A ceasefire in eastern Ukraine “seems to be holding,” Stares noted, “and Russia has a lot on its plate both internally and in terms of its [military] intervention into Syria. Why would they dial up tensions in Ukraine at this moment?” Similarly, “there’s probably a sense that China has made the island grabs that it wants to do, and it is consolidating its position [in the South China Sea]. And given China’s [sluggish] economic situation … and a certain level of high-level agreement between the U.S. and China with the various meetings between [Presidents] Xi and Obama, people are saying, ‘Look, I don’t think the Chinese are really going to rock the boat here this year.”
A third scenario—an intentional or unintentional military face-off between Russia and one or more NATO member states—appeared for the first time in the survey, in the second tier shown below. As for Iran, angst has shifted since 2014 from the country’s nuclear program, which was substantially restricted in July as part of an agreement with world powers, to its support of proxy militias in various Middle Eastern conflicts. This tranche of priorities also includes violence from organized crime in Mexico, destabilizing spillover from Syria to nearby countries, and China and Japan contesting the sovereignty of islands in the East China Sea.

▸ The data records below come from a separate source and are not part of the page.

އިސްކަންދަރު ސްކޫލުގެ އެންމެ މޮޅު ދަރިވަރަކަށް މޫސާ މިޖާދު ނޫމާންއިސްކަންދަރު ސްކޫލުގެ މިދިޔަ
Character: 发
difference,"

Stares attributed Saudi Arabia’s presence on this year’s list to three factors: “I think it’s the combination of some reports of internal dissension within the Saudi royal family … reports of financial, economic, or budgetary difficulties in the Kingdom as a result of depressed oil prices and therefore depressed government revenues … and thirdly the Saudi [military] intervention in [the civil war in] Yemen, which has had some resonance within Saudi elites. I think there’s concern about whether Saudi Arabia may have overstretched itself there. And it’s unclear how this will end, and how much of a burden—and how much blowback—there might be.”

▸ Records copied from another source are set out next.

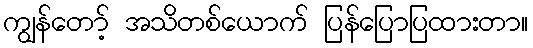
ကျွန်တော့် အသိတစ်ယောက် ပြန်ပြောပြထားတာ။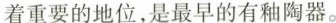
着重要的地位,是最早的有釉陶器。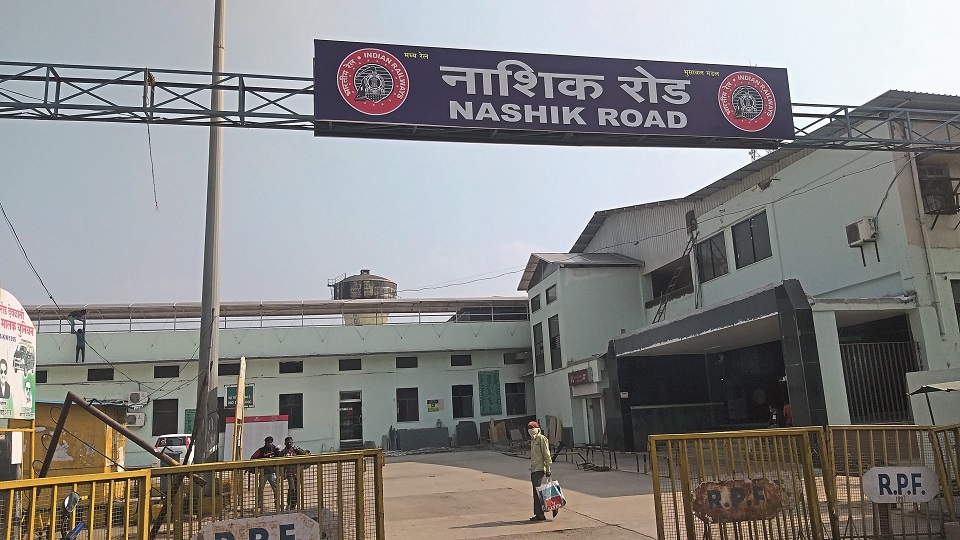
Language: marathi
Transcription: नाशिक मध्य रेल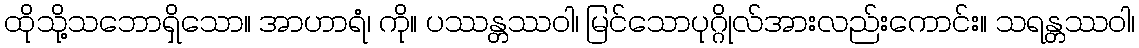
ထိုသို့သဘောရှိသော။ အာဟာရံ၊ ကို။ ပဿန္တဿဝါ၊ မြင်သောပုဂ္ဂိုလ်အားလည်းကောင်း။ သရန္တဿဝါ၊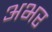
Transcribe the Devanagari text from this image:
अभर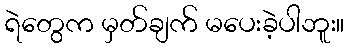
ရဲတွေက မှတ်ချက် မပေးခဲ့ပါဘူး။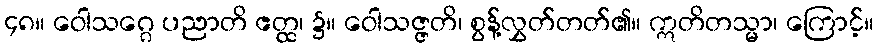
၄၈။ ဝေါသဂ္ဂေ ပညာတိ ဧတ္ထ၊ ၌။ ဝေါသဇ္ဇတိ၊ စွန့်လွှတ်တတ်၏။ ဣတိတသ္မာ၊ ကြောင့်။

In Nigeria, where a new president was elected in March, turmoil related to the jihadist group Boko Haram was judged to be less of a risk than it was last year, even though Boko Haram remains the world’s deadliest terrorist organization. Also mentioned here were the prospects for a major clash between India and Pakistan and a more profound crisis in post-Chavez Venezuela, where the economy is in tatters and the opposition has won control of the legislative but not the executive branch. (Respondents wrote in their own conflicts as well, including territorial competition in the Arctic, fallout from the potential death of Zimbabwean President Robert Mugabe, now 91, and possible mass atrocities in politically polarized Burundi, where 87 people were killed last Friday.)

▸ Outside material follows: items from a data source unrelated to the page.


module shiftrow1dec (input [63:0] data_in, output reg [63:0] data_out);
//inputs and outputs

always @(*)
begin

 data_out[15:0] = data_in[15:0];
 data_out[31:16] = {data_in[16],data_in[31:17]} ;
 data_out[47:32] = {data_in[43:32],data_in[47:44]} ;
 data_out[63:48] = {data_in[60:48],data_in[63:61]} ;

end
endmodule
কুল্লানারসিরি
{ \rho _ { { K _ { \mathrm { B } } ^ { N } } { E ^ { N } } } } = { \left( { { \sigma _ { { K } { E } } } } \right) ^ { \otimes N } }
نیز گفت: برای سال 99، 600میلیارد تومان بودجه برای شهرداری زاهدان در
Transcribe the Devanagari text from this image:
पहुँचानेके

In a recently released guide to the multi-sided conflict in Congo, the Council on Foreign Relations notes that for almost two decades, the country’s eastern provinces have been the site of the deadliest fighting since World War II. And the costs of that violence are staggering. CFR points out that Congo’s hydropower potential is greater than sub-Saharan Africa’s total current energy capacity, that its arable land could feed nearly all of Africa, and that its mineral wealth is critical to the world’s consumer electronics—but that much of this economic promise has yet to be realized. These natural resources have exacerbated the conflict, but they also highlight the huge upside to resolving it. Whether war ebbs depends in part on elections in November 2016, when President Joseph Kabila could either permit a democratic transition or flout the constitution and try to maintain his 15-year hold on power.
It’s quite a consequential moment for Congo. But judging by the maps above, it’s one that U.S. officials may not pay all that much attention to.